Não tive nenhum problema em virar professor. Foi quase uma segunda vocação, creio. Principalmente porque eu tinha convicções muito claras sobre o papel do jornalismo. E tinha uma proposta pedagógica também muito clara, a da formação do aluno através de desafios de reportagens e  confrontos com os sistemas de poder de modo a robustecer seu espírito de independência e sua visão crítica. Isso tornou o ensinar fácil. Criamos mesmo uma mística através do Jornal do Campus.

A que se deveu isso? 

A denúncia dos Marajás da USP, entre outros furos de reportagem, criou um espírito de corpo entre os alunos; houve também muita tensão. Passou a ser um jornalismo “para valer” e não apenas como exercício de classe. Tanto assim, que a Reitoria se viu obrigada a lançar seu próprio jornal para se contrapor ao Jornal do Campus, e foi assim que nasceu o Jornal da USP.
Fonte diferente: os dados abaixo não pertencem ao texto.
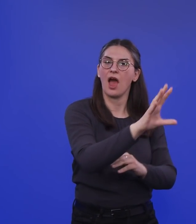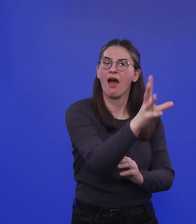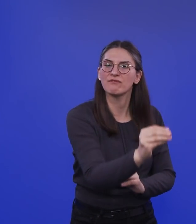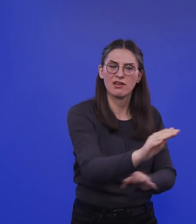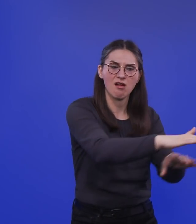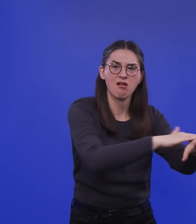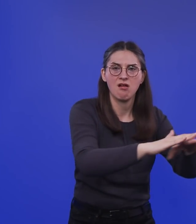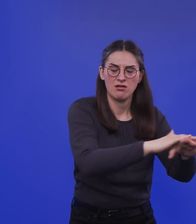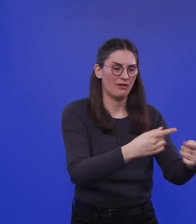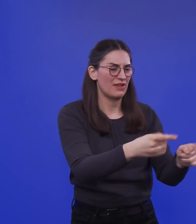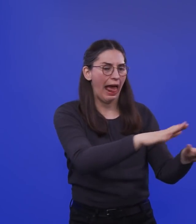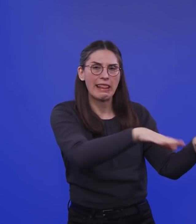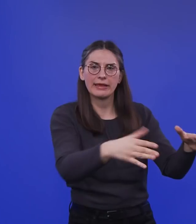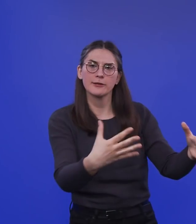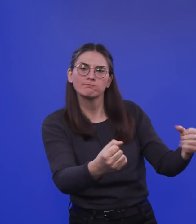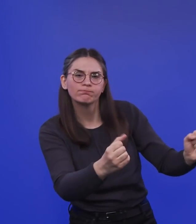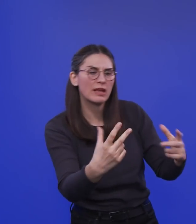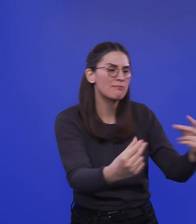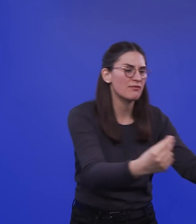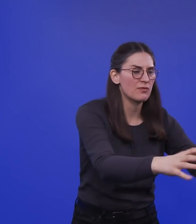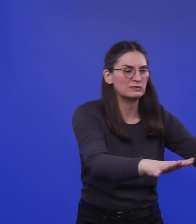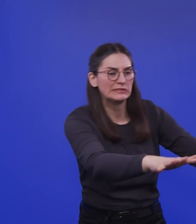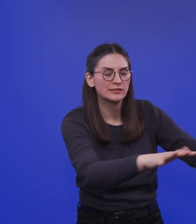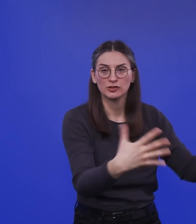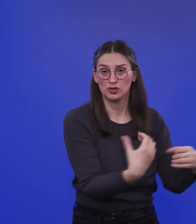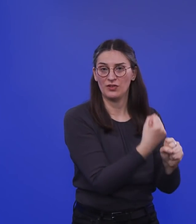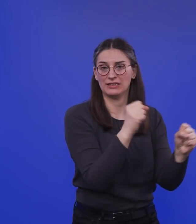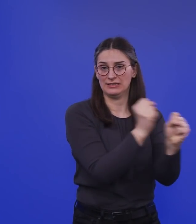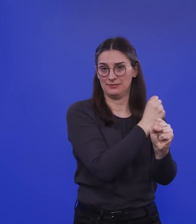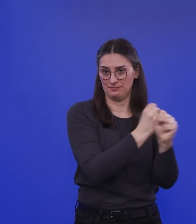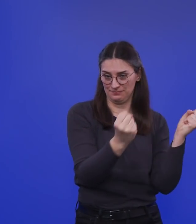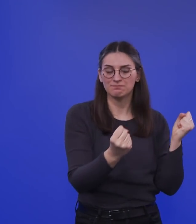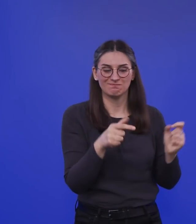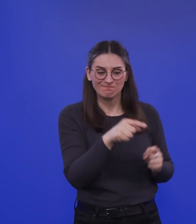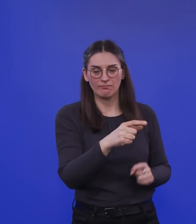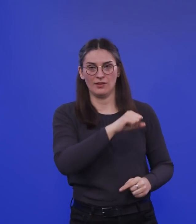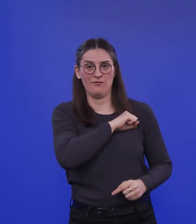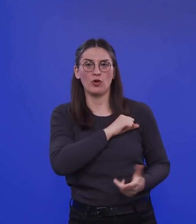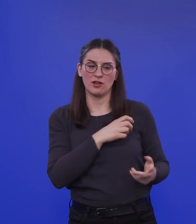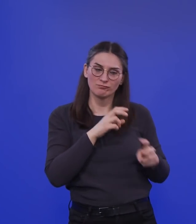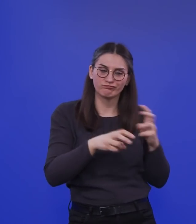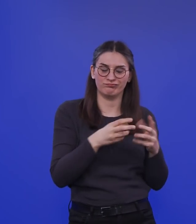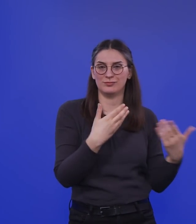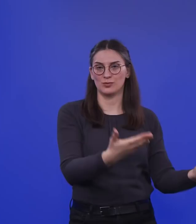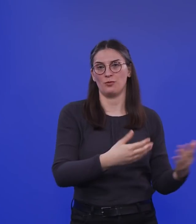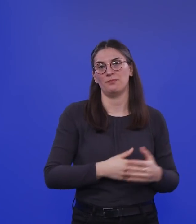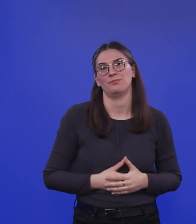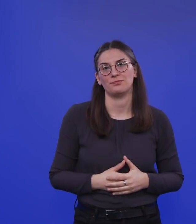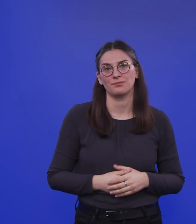oder anderen solchen Gegenden, wo man schwer jedes einzelne Kind immer erreichen kann, durchaus erwünscht ist. Diese Frage

O livro Jornalistas e revolucionários é uma grande referência não só para os estudos da imprensa alternativa como do próprio jornalismo. Como foi o processo de pesquisa?

O livro resulta da tese de doutorado. E a tese de doutorado resulta dos conselhos de professores amigos de que, enquanto eu não tivesse doutorado, eu não teria  cidadania acadêmica e poderia ser demitido por um nada. Mesmo porque, dirigindo o Jornal do Campus, havíamos comprado grandes brigas com o sistema, sendo a maior delas a denúncia dos “marajás” da USP, professores que recebiam salários muito acima da média dos demais.

A  tese em si foi sendo escrita aos tropeços, com base principalmente das coleções de jornais alternativos que eu possuía, pois havia trabalhado na maioria deles. Como em toda tese, começou com alguns pressupostos ou hipóteses e terminou com outros. Na segunda edição da Edusp, modifiquei certas ênfases.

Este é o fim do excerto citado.